1) Why DC1 is at-all involved while performing local quorum write to DC2 ?
2) How to read source_elapsed? It seems cumulative per host, but somewhere they reset.


Thanks
Tarun Chabarwal


On Sun, Nov 4, 2018 at 11:33 PM Andy Tolbert <andrew.tolbert@xxxxxxxxxxxx> wrote:
Hi Tarun,

There are a ton of factors that can impact query performance.

The cassandra native protocol supports multiple simultaneous requests per connection.  Most drivers by default only create one connection to each C* host in the local data center.  That being said, that shouldn't be a problem, particularly if you are only executing 20 concurrent requests, this is something both driver clients and C* handles well.  The driver does do some write batching to reduce the amount of system calls, but I'm reasonably confident this is not an issue.

It may be worth enabling client logging to see if that shines any light.   You can also enable tracing on your requests by specifying traceQuery as a query option (example) to see if the delay is caused by C*-side processing.

Also keep in mind that all user code in node.js is handled in a single thread.  If you have callbacks tied to your responses that do non-trivial work, that can delay subsequent requests from being processed, which may give impression that some queries are slow.

Thanks,
Andy

On Sun, Nov 4, 2018 at 8:59 AM Tarun Chabarwal <tarunchabarwal@xxxxxxxxx> wrote:
Hi

I used cassandra driver provided by datastax (3.5.0) library in nodejs.
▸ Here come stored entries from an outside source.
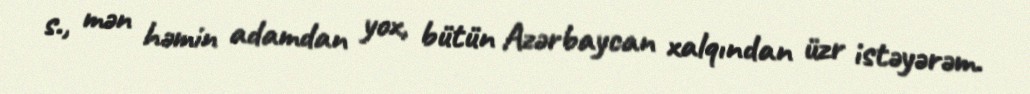
s., mən həmin adamdan yox, bütün Azərbaycan xalqından üzr istəyərəm.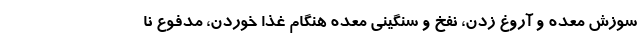
سوزش معده و آروغ زدن، نفخ و سنگینی معده هنگام غذا خوردن، مدفوع نا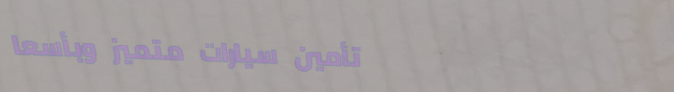
تأمين سيارات متميز وبأسعا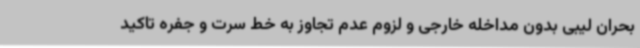
بحران لیبی بدون مداخله خارجی و لزوم عدم تجاوز به خط سرت و جفره تاکید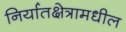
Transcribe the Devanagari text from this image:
निर्यातक्षेत्रामधील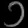
Digit: ၁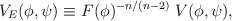
\begin{align*}V_E(\phi,\psi) \equiv F(\phi)^{-n/(n-2)} \; V(\phi,\psi),\end{align*}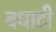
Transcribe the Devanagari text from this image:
बधाटी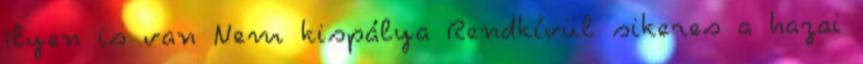
Ilyen is van Nem kispálya Rendkívül sikeres a hazai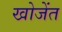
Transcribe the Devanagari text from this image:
खोजेंत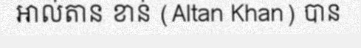
អាល់តាន ខាន់ (Altan Khan) បាន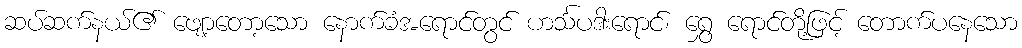
ဆပ်ဆက်နယ်၏ ဖျော့တော့သော နောက်ခံအရောင်တွင် ဟင်္သပဒါးရောင်၊ ရွှေ ရောင်တို့ဖြင့် တောက်ပနေသော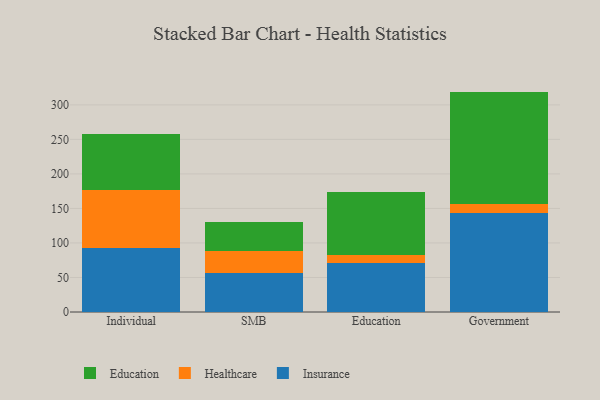
{"axis": {"x": "Segment", "y": "Humidity (%)"}, "legend": ["Education", "Healthcare", "Insurance"], "data": [{"x": "Individual", "y": 92.5, "type": "Insurance"}, {"x": "Individual", "y": 84.3, "type": "Healthcare"}, {"x": "Individual", "y": 80.8, "type": "Education"}, {"x": "SMB", "y": 55.8, "type": "Insurance"}, {"x": "SMB", "y": 32.5, "type": "Healthcare"}, {"x": "SMB", "y": 41.8, "type": "Education"}, {"x": "Education", "y": 71.4, "type": "Insurance"}, {"x": "Education", "y": 11.1, "type": "Healthcare"}, {"x": "Education", "y": 90.8, "type": "Education"}, {"x": "Government", "y": 144.1, "type": "Insurance"}, {"x": "Government", "y": 12.5, "type": "Healthcare"}, {"x": "Government", "y": 162.6, "type": "Education"}]}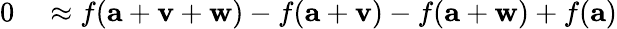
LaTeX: \begin{array}{rl}{0}&{{}\approx f(\mathbf{a}+\mathbf{v}+\mathbf{w})-f(\mathbf{a}+\mathbf{v})-f(\mathbf{a}+\mathbf{w})+f(\mathbf{a})}\end{array}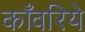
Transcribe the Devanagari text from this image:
काँवरिये
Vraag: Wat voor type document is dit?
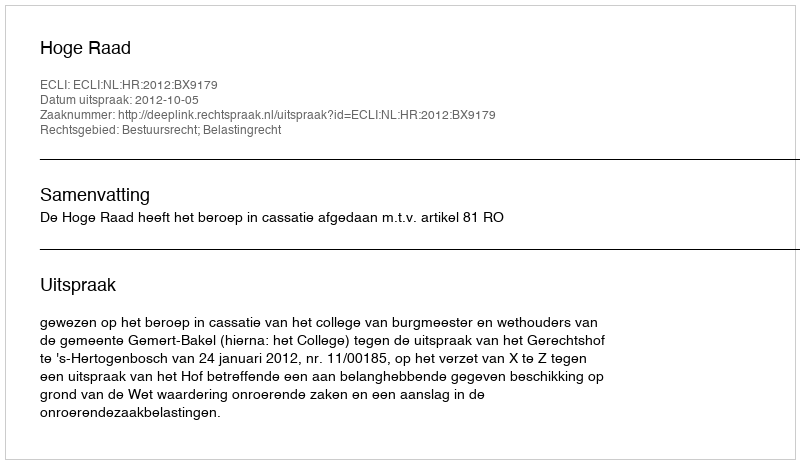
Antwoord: Uitspraak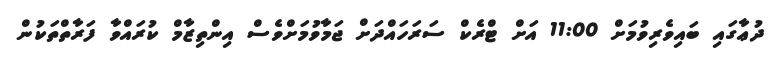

I've 5 nodes cluster. I'm writing to a table with quorum.

I observed that there is some spike in write. In ~20 writes, 2-5 writes are taking longer(~200ms). I debugged one of the node process with strace and found that longer latencies are batched and they use same fd to connect to cassandra. This may be the multiplexing.

Why it takes that long ?
Where should I look to resolve it?

Regards
Tarun Chabarwal